____ Exercise inputs

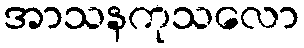
အာသနကုသလော
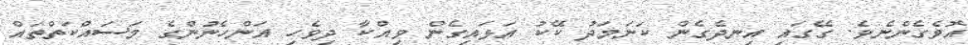
އޮވެގެންނެވެ. ގޭގައި އިނދެގެން ކަނަމަދު ކޭކު އަޅައިގެން ވިއްކާ ދިވެހި އަންހެނުންގެ މަސައްކަތްތައް
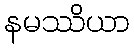
နမဿိယာ
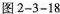
图2-3-18
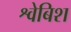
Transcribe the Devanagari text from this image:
श्वेबिश
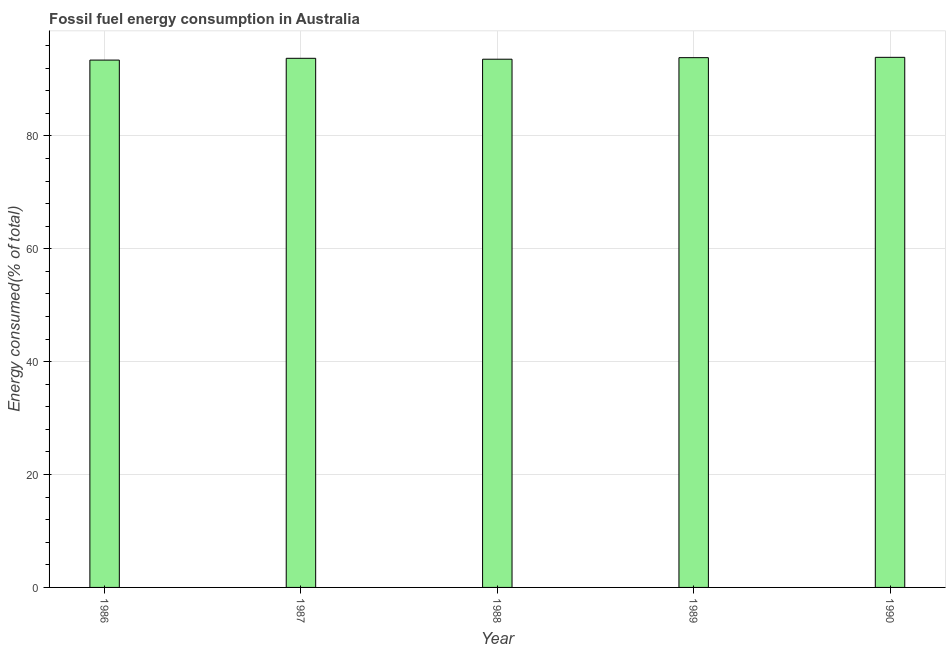
| Year | Fossil fuel energy consumption (% of total) |
 | --- | --- |
 | 1986 | 93.4 |
 | 1987 | 93.7 |
 | 1988 | 93.6 |
 | 1989 | 93.9 |
 | 1990 | 93.9 |
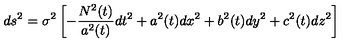
d s ^ { 2 } = \sigma ^ { 2 } \left[ - \frac { N ^ { 2 } ( t ) } { a ^ { 2 } ( t ) } d t ^ { 2 } + a ^ { 2 } ( t ) d x ^ { 2 } + b ^ { 2 } ( t ) d y ^ { 2 } + c ^ { 2 } ( t ) d z ^ { 2 } \right]
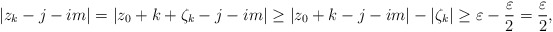
\begin{align*}|z_k - j - im| = |z_0 + k + \zeta_k - j -im| \geq |z_0 + k - j -im| - |\zeta_k| \geq \varepsilon - \frac{\varepsilon}{2} = \frac{\varepsilon}{2},\end{align*}
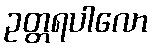
ဥတ္တရပါလော
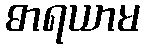
ဓာရယာမ
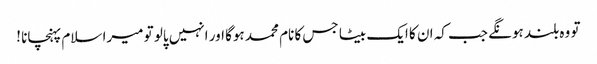
تو وہ بلند ہونگے جب کہ ان کا ایک بیٹا جس کا نام محمد ہوگا اور انہیں پالو تو میرا سلام پہنچانا !
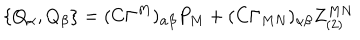
\{ Q _ { \alpha } , Q _ { \beta } \} = ( C \Gamma ^ { M } ) _ { \alpha \beta } P _ { M } + ( C \Gamma _ { M N } ) _ { \alpha \beta } Z _ { ( 2 ) } ^ { M N }
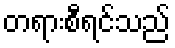
တရားစီရင်သည်
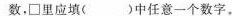
数，\Box 里应填（）中任意一个数字。
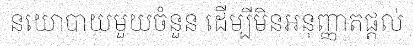
នយោបាយមួយចំនួន ដើម្បីមិនអនុញ្ញាតផ្តល់
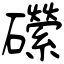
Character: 礯
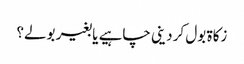
زکاۃ بول کر دینی چاہیے یا بغیر بولے؟

________

> _What to produce_:
The goal is an exact reprint of the entries, leaving out the pictures.

> _Exercise result_:
အာသနကုသလော
އޮވެގެންނެވެ. ގޭގައި އިނދެގެން ކަނަމަދު ކޭކު އަޅައިގެން ވިއްކާ ދިވެހި އަންހެނުންގެ މަސައްކަތްތައް
နမဿိယာ
图2-3-18
Transcribe the Devanagari text from this image:
श्वेबिश
| Year | Fossil fuel energy consumption (% of total) |
 | --- | --- |
 | 1986 | 93.4 |
 | 1987 | 93.7 |
 | 1988 | 93.6 |
 | 1989 | 93.9 |
 | 1990 | 93.9 |
d s ^ { 2 } = \sigma ^ { 2 } \left[ - \frac { N ^ { 2 } ( t ) } { a ^ { 2 } ( t ) } d t ^ { 2 } + a ^ { 2 } ( t ) d x ^ { 2 } + b ^ { 2 } ( t ) d y ^ { 2 } + c ^ { 2 } ( t ) d z ^ { 2 } \right]
\begin{align*}|z_k - j - im| = |z_0 + k + \zeta_k - j -im| \geq |z_0 + k - j -im| - |\zeta_k| \geq \varepsilon - \frac{\varepsilon}{2} = \frac{\varepsilon}{2},\end{align*}
ဥတ္တရပါလော
ဓာရယာမ
تو وہ بلند ہونگے جب کہ ان کا ایک بیٹا جس کا نام محمد ہوگا اور انہیں پالو تو میرا سلام پہنچانا !
\{ Q _ { \alpha } , Q _ { \beta } \} = ( C \Gamma ^ { M } ) _ { \alpha \beta } P _ { M } + ( C \Gamma _ { M N } ) _ { \alpha \beta } Z _ { ( 2 ) } ^ { M N }
တရားစီရင်သည်
数，\Box 里应填（）中任意一个数字。
នយោបាយមួយចំនួន ដើម្បីមិនអនុញ្ញាតផ្តល់
Character: 礯
زکاۃ بول کر دینی چاہیے یا بغیر بولے؟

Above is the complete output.